X <- model.matrix(m2) #X matrix
y <- m2@resp$y #the outcome
dat <- m2@frame #the dataframe
Vinv <- solve(Vm) #can be slow, don't really do this but the data are small anyway
solve(t(X) %*% Vinv %*% X) %*% t(X) %*% Vinv %*% y #manual, slow
[,1]
(Intercept) 10.706834
W1 0.339460
X1 1.733624
fixef(m2) #fixed effects / regression coefficients
(Intercept) W1 X1
10.706834 0.339460 1.733624
The model-based variance covariance matrix is \[(X'V^{-1}X)^{-1}.\] Standard errors are the square root of the diagonal of the matrix.
solve(t(X) %*% Vinv %*% X)
(Intercept) W1 X1
(Intercept) 3.218505e-02 -0.0047134529 1.409252e-05
W1 -4.713453e-03 0.0340070281 -2.443940e-05
X1 1.409252e-05 -0.0000244394 4.081615e-03
vcov(m2) #same
3 x 3 Matrix of class "dpoMatrix"
(Intercept) W1 X1
(Intercept) 3.218505e-02 -0.0047134529 1.409252e-05
W1 -4.713453e-03 0.0340070281 -2.443940e-05
X1 1.409252e-05 -0.0000244394 4.081615e-03
The regression coefficients and standard errors are the same.
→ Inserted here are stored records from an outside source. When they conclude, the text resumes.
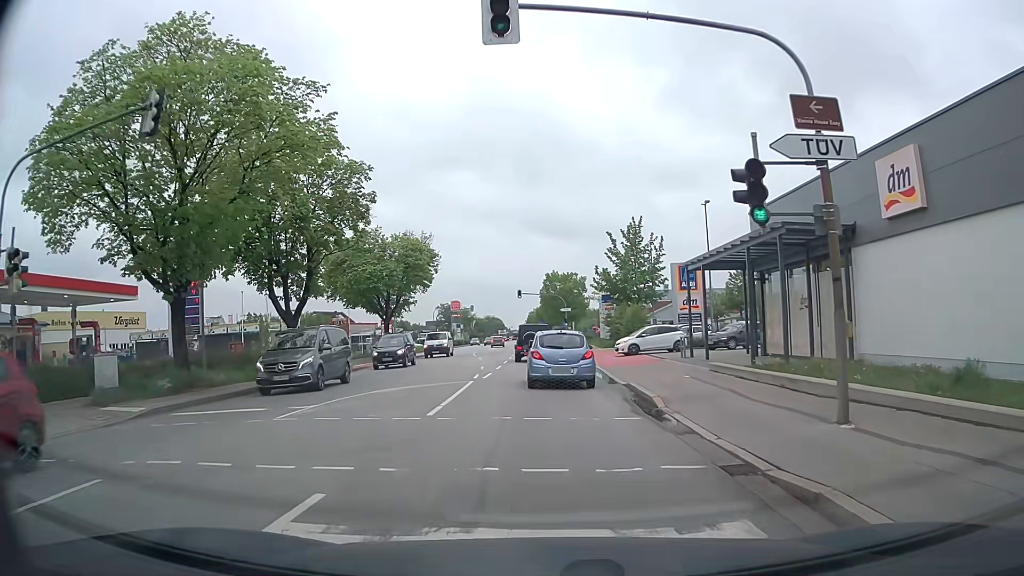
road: secondary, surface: asphalt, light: Day
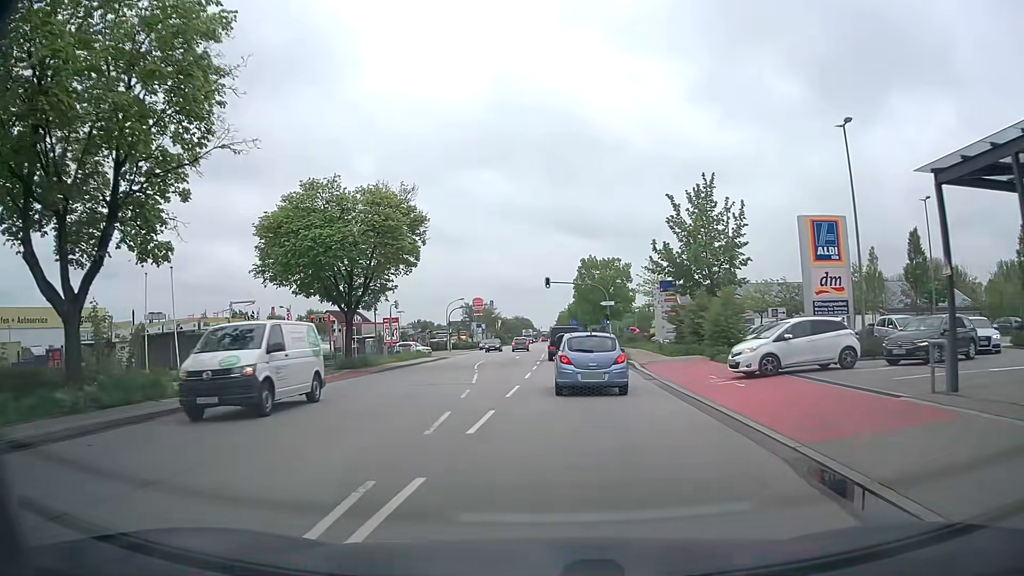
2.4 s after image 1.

Now to compute robust standard errors
The cluster robust standard errors (CRSEs) were originally proposed by Liang and Zeger (1986). These can be shown based on:
\[\hat{Var}(\hat{\beta})=(X'V^{-1}X)^{-1} \sum_{c=1}^{C}X_{c}^{'}\hat{\Omega_c}X_{c}(X'V^{-1}X)^{-1}\] The formulation of \(\hat{\Omega}\) differs for the CR0 and the CR2 estimators. The sandwich standard errors– using the bread \((X'V^{-1}X)^{-1}\) components and the meat, \(\sum_{c=1}^{C}X_{c}^{'}\hat{\Omega_c}X_{c}\), differ based on the meat portion.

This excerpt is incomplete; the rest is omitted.